Content starts

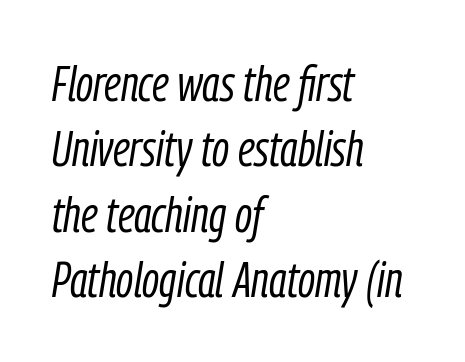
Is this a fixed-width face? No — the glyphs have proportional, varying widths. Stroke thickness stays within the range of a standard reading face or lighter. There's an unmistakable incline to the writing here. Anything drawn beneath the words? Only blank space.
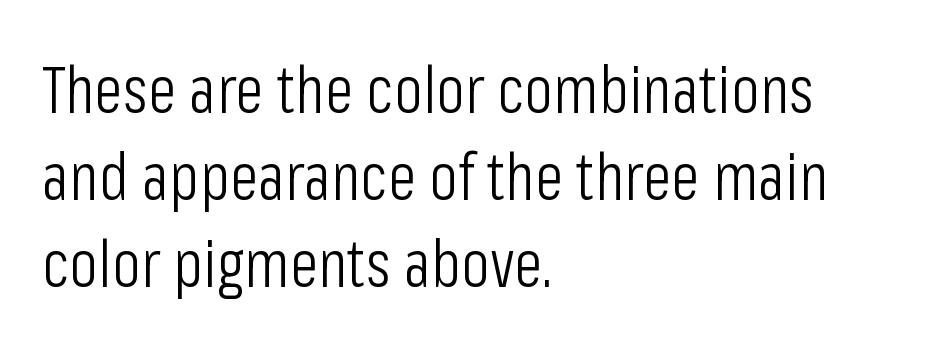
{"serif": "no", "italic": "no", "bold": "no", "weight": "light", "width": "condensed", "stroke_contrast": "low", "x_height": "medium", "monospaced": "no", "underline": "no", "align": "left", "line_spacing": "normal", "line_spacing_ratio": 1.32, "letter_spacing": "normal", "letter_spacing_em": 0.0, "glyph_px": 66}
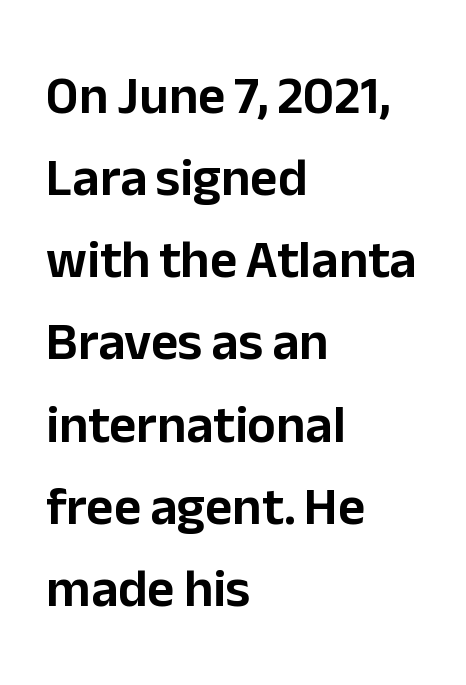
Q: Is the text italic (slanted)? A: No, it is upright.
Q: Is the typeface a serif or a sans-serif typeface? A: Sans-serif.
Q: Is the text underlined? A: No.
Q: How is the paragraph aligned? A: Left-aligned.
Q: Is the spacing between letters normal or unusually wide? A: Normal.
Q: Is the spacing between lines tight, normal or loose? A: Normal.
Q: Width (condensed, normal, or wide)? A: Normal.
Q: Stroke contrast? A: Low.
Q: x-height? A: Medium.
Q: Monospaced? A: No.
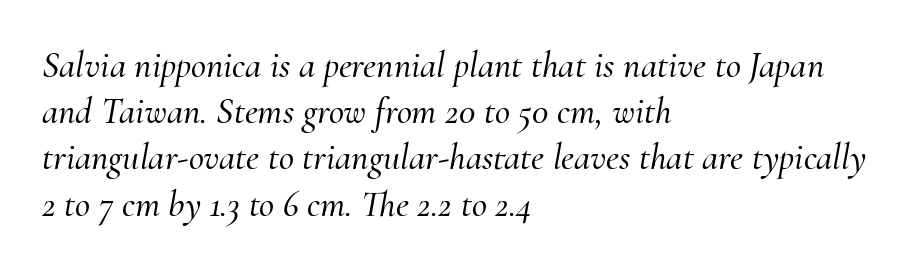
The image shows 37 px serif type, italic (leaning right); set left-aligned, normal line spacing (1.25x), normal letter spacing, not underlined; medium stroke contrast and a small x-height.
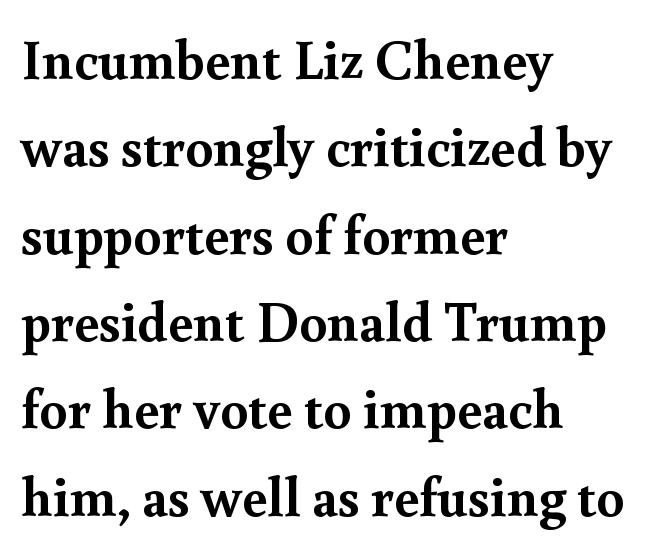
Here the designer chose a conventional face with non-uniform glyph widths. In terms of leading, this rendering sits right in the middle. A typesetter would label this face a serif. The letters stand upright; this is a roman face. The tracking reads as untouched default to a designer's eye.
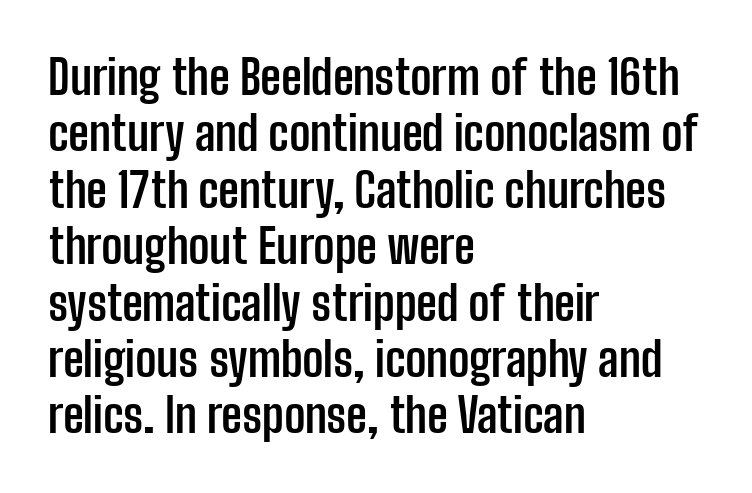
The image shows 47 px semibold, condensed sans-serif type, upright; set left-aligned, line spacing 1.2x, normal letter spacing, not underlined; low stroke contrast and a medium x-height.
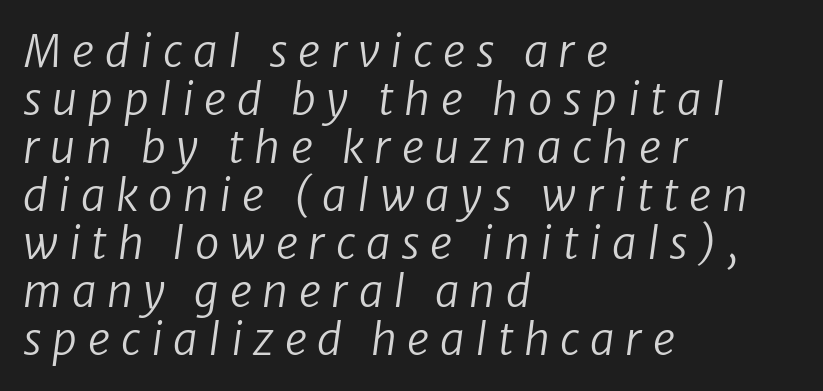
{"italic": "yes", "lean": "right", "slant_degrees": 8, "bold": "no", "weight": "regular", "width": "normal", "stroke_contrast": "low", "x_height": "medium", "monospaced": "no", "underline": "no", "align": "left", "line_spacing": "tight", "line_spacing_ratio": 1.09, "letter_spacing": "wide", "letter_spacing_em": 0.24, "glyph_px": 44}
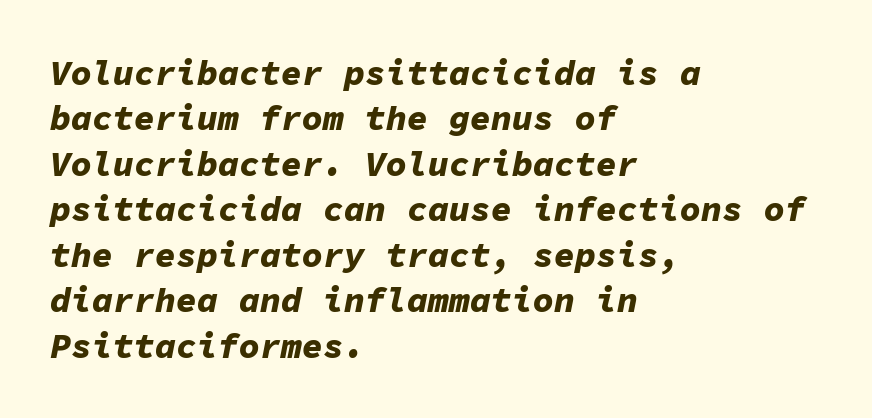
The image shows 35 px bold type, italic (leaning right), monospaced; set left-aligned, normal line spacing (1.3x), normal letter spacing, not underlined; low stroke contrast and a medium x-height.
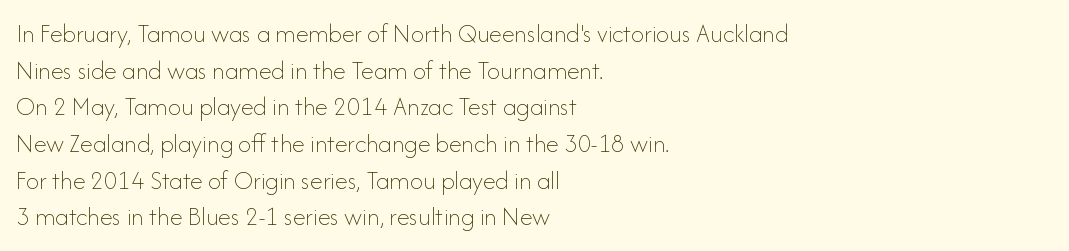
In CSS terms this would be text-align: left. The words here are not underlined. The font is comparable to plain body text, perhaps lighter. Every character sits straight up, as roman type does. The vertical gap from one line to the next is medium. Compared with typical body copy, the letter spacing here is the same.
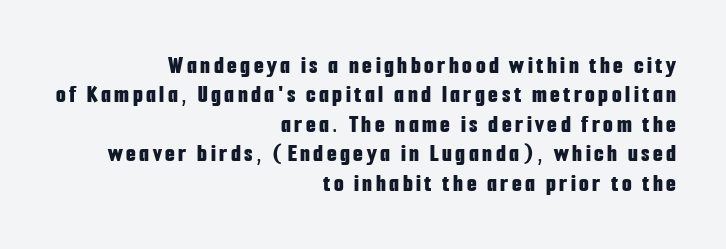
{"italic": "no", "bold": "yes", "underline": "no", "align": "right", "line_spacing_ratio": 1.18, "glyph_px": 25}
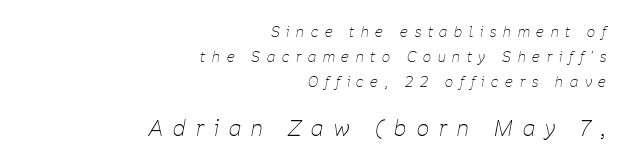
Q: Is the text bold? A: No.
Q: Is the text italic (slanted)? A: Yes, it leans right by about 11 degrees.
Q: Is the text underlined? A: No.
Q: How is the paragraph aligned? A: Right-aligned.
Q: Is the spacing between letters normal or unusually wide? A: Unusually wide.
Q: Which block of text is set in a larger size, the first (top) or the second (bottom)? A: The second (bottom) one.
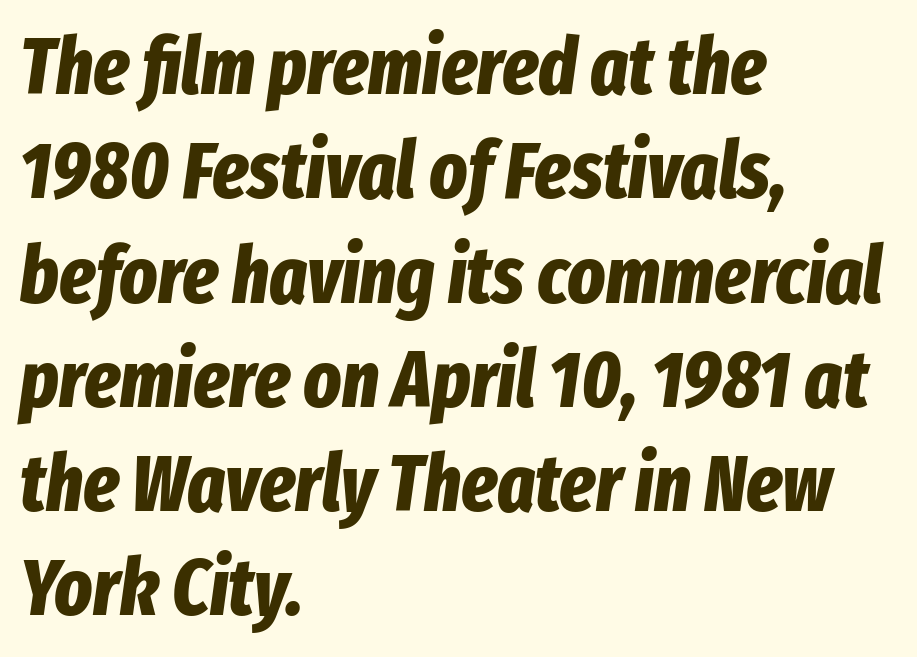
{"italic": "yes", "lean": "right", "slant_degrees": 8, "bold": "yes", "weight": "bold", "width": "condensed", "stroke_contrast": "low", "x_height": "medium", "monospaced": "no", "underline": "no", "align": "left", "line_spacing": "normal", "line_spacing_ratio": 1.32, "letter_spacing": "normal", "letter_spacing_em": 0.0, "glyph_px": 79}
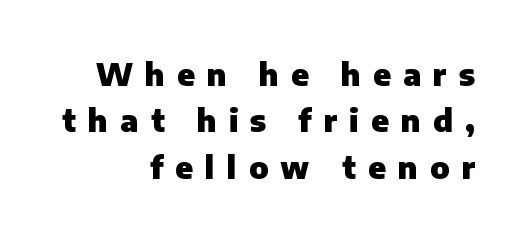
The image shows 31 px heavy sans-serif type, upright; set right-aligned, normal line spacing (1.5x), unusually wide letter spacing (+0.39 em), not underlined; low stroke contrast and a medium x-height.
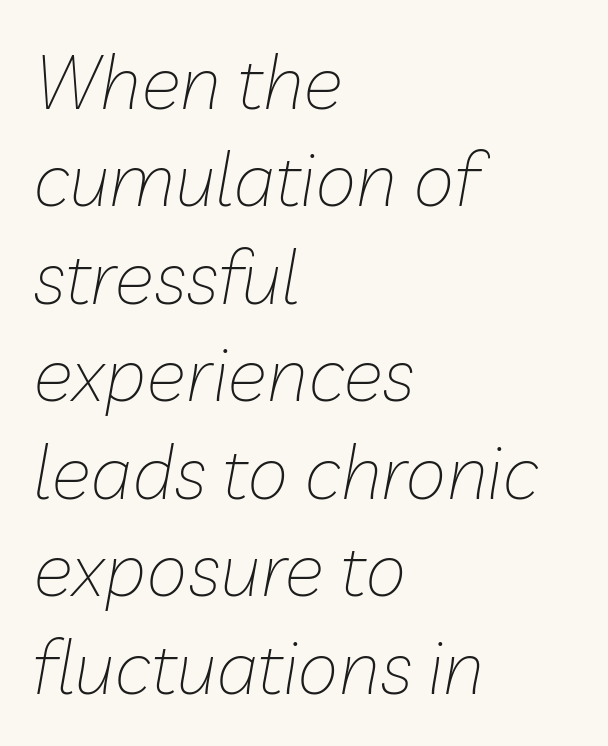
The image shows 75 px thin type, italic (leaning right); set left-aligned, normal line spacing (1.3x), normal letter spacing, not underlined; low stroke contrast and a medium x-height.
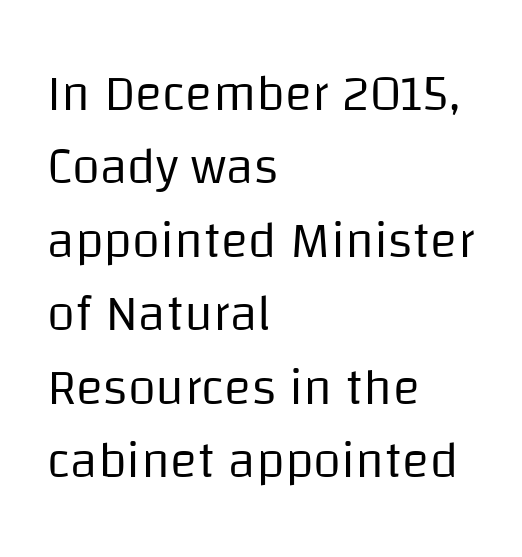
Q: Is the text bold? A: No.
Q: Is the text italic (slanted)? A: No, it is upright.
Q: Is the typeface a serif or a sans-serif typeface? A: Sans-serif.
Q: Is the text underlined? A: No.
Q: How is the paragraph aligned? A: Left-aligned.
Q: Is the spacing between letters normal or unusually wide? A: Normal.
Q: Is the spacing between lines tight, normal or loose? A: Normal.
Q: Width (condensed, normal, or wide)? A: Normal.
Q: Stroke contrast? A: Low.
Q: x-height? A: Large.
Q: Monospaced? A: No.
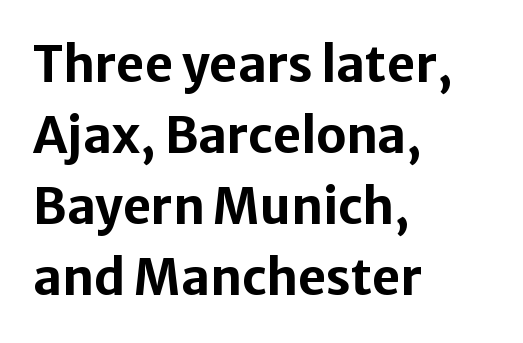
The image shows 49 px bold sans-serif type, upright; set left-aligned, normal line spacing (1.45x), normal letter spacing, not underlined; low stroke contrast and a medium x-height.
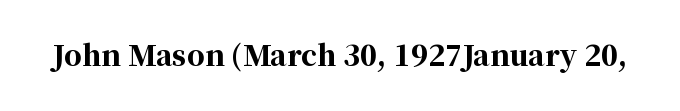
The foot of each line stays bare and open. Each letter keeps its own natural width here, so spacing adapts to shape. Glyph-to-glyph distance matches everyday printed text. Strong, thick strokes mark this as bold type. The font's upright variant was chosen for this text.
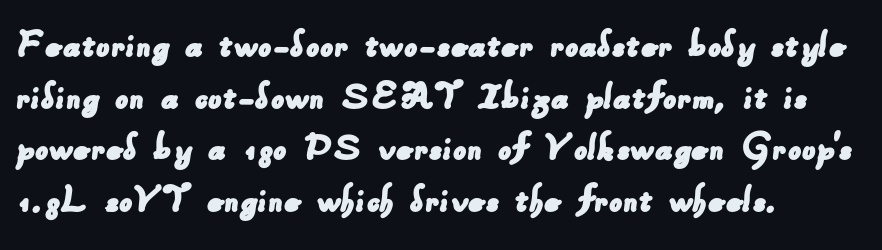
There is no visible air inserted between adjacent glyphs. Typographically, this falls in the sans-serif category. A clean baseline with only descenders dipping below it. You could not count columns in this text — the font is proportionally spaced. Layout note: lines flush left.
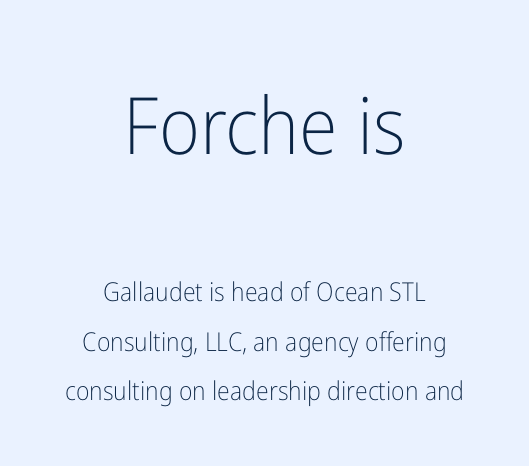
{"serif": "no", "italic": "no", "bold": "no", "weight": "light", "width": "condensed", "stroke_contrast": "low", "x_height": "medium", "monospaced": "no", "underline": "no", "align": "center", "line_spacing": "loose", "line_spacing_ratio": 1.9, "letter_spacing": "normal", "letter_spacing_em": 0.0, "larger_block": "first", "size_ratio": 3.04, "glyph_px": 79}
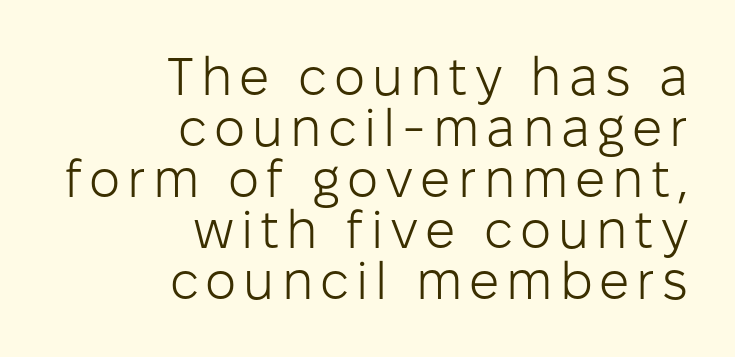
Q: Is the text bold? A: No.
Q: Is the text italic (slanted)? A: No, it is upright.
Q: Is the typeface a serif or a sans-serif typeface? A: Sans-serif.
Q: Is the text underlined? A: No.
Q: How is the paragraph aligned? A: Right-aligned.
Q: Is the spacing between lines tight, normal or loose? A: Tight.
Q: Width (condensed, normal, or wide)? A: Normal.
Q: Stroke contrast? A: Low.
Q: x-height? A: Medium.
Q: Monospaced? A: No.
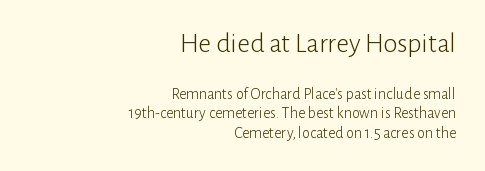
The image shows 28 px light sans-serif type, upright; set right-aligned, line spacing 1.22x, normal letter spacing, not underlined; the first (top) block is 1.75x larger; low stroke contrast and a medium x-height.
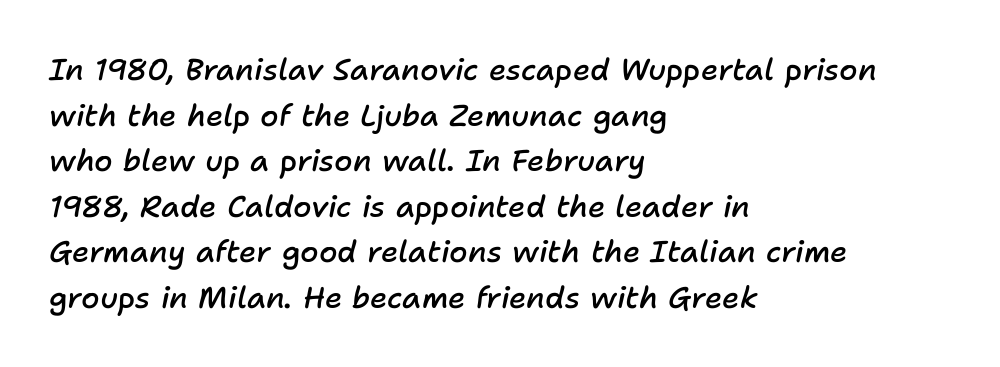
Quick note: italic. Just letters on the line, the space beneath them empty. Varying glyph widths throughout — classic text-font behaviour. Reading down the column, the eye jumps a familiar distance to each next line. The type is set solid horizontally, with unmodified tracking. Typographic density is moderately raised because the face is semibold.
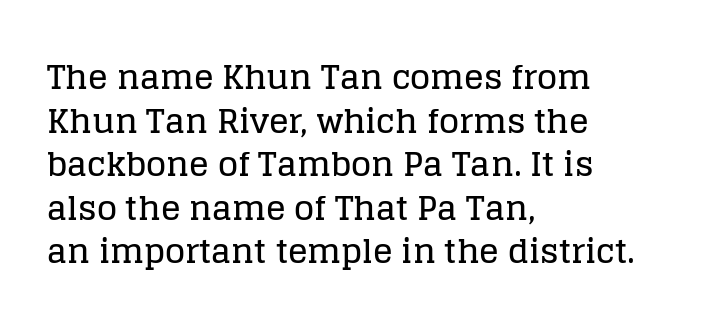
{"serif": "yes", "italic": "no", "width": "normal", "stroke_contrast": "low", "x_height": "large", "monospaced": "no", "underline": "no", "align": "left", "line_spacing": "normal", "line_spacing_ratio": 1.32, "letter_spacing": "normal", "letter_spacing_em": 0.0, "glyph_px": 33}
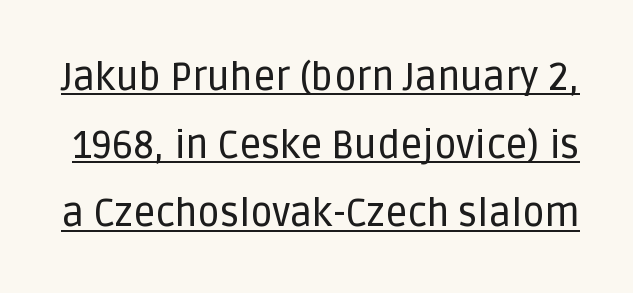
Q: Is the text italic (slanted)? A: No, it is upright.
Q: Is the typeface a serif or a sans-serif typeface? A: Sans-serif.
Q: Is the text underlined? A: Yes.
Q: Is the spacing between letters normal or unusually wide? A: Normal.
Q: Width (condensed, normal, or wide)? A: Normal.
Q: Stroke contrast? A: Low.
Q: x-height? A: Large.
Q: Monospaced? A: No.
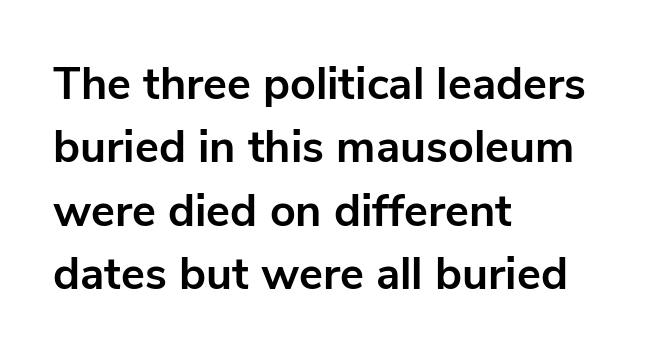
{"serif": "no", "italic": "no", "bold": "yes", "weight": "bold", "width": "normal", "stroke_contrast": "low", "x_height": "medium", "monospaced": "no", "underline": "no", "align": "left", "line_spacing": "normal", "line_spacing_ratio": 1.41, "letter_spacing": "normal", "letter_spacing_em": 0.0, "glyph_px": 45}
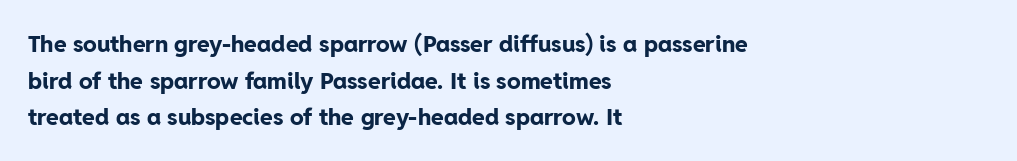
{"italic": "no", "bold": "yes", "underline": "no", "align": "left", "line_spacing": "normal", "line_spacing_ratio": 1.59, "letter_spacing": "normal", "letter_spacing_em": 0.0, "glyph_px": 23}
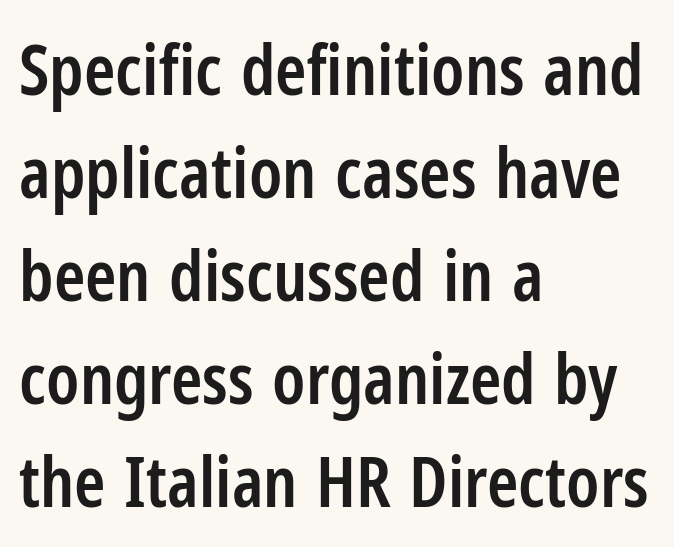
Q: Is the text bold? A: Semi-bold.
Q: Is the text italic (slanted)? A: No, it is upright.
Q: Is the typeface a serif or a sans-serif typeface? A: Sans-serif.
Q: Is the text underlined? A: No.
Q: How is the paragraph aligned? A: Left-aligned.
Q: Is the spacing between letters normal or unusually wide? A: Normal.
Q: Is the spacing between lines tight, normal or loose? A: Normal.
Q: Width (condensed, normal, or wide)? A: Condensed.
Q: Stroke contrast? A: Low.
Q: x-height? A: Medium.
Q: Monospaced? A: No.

Content ends

» TASK STATEMENT
Return, from the material above, every line with the word "sits".

» SOLUTION FOR THIS PROBLEM
Here the designer chose a conventional face with non-uniform glyph widths. In terms of leading, this rendering sits right in the middle. A typesetter would label this face a serif. The letters stand upright; this is a roman face. The tracking reads as untouched default to a designer's eye.
In CSS terms this would be text-align: left. The words here are not underlined. The font is comparable to plain body text, perhaps lighter. Every character sits straight up, as roman type does. The vertical gap from one line to the next is medium. Compared with typical body copy, the letter spacing here is the same.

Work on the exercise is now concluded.